→ **TASK DESCRIPTION**
A complete and exact copy of the entries below is the expected result.

[Dataset entries]
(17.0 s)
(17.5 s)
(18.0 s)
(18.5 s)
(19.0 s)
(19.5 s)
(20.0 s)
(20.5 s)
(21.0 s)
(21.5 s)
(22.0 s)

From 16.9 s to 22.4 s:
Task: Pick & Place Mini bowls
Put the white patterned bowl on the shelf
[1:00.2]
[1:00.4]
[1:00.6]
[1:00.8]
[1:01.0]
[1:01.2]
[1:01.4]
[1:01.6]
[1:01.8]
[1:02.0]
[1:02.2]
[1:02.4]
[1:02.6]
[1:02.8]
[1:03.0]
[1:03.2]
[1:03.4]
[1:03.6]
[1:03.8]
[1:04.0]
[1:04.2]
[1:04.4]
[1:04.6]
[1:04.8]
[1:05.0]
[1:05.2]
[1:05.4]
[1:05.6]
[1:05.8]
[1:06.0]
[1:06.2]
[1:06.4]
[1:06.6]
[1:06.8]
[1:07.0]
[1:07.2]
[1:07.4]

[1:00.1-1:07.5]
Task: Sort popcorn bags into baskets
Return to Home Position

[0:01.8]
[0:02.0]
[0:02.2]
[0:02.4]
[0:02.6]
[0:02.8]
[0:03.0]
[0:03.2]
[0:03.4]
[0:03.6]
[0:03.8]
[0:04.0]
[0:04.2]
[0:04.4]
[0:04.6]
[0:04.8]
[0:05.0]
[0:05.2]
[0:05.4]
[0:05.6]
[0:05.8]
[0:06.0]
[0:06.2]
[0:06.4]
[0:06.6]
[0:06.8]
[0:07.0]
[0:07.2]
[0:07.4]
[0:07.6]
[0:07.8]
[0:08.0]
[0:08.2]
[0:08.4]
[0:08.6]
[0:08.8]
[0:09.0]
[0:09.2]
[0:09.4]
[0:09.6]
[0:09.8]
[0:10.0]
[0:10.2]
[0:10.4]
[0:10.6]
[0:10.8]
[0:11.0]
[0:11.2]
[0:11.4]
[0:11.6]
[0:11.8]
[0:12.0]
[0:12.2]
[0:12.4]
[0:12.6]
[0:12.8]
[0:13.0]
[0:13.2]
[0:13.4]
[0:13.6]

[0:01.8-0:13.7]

→ **ANSWER FOR THE TASK**
(17.0 s)
(17.5 s)
(18.0 s)
(18.5 s)
(19.0 s)
(19.5 s)
(20.0 s)
(20.5 s)
(21.0 s)
(21.5 s)
(22.0 s)

From 16.9 s to 22.4 s:
Task: Pick & Place Mini bowls
Put the white patterned bowl on the shelf
[1:00.2]
[1:00.4]
[1:00.6]
[1:00.8]
[1:01.0]
[1:01.2]
[1:01.4]
[1:01.6]
[1:01.8]
[1:02.0]
[1:02.2]
[1:02.4]
[1:02.6]
[1:02.8]
[1:03.0]
[1:03.2]
[1:03.4]
[1:03.6]
[1:03.8]
[1:04.0]
[1:04.2]
[1:04.4]
[1:04.6]
[1:04.8]
[1:05.0]
[1:05.2]
[1:05.4]
[1:05.6]
[1:05.8]
[1:06.0]
[1:06.2]
[1:06.4]
[1:06.6]
[1:06.8]
[1:07.0]
[1:07.2]
[1:07.4]

[1:00.1-1:07.5]
Task: Sort popcorn bags into baskets
Return to Home Position

[0:01.8]
[0:02.0]
[0:02.2]
[0:02.4]
[0:02.6]
[0:02.8]
[0:03.0]
[0:03.2]
[0:03.4]
[0:03.6]
[0:03.8]
[0:04.0]
[0:04.2]
[0:04.4]
[0:04.6]
[0:04.8]
[0:05.0]
[0:05.2]
[0:05.4]
[0:05.6]
[0:05.8]
[0:06.0]
[0:06.2]
[0:06.4]
[0:06.6]
[0:06.8]
[0:07.0]
[0:07.2]
[0:07.4]
[0:07.6]
[0:07.8]
[0:08.0]
[0:08.2]
[0:08.4]
[0:08.6]
[0:08.8]
[0:09.0]
[0:09.2]
[0:09.4]
[0:09.6]
[0:09.8]
[0:10.0]
[0:10.2]
[0:10.4]
[0:10.6]
[0:10.8]
[0:11.0]
[0:11.2]
[0:11.4]
[0:11.6]
[0:11.8]
[0:12.0]
[0:12.2]
[0:12.4]
[0:12.6]
[0:12.8]
[0:13.0]
[0:13.2]
[0:13.4]
[0:13.6]

[0:01.8-0:13.7]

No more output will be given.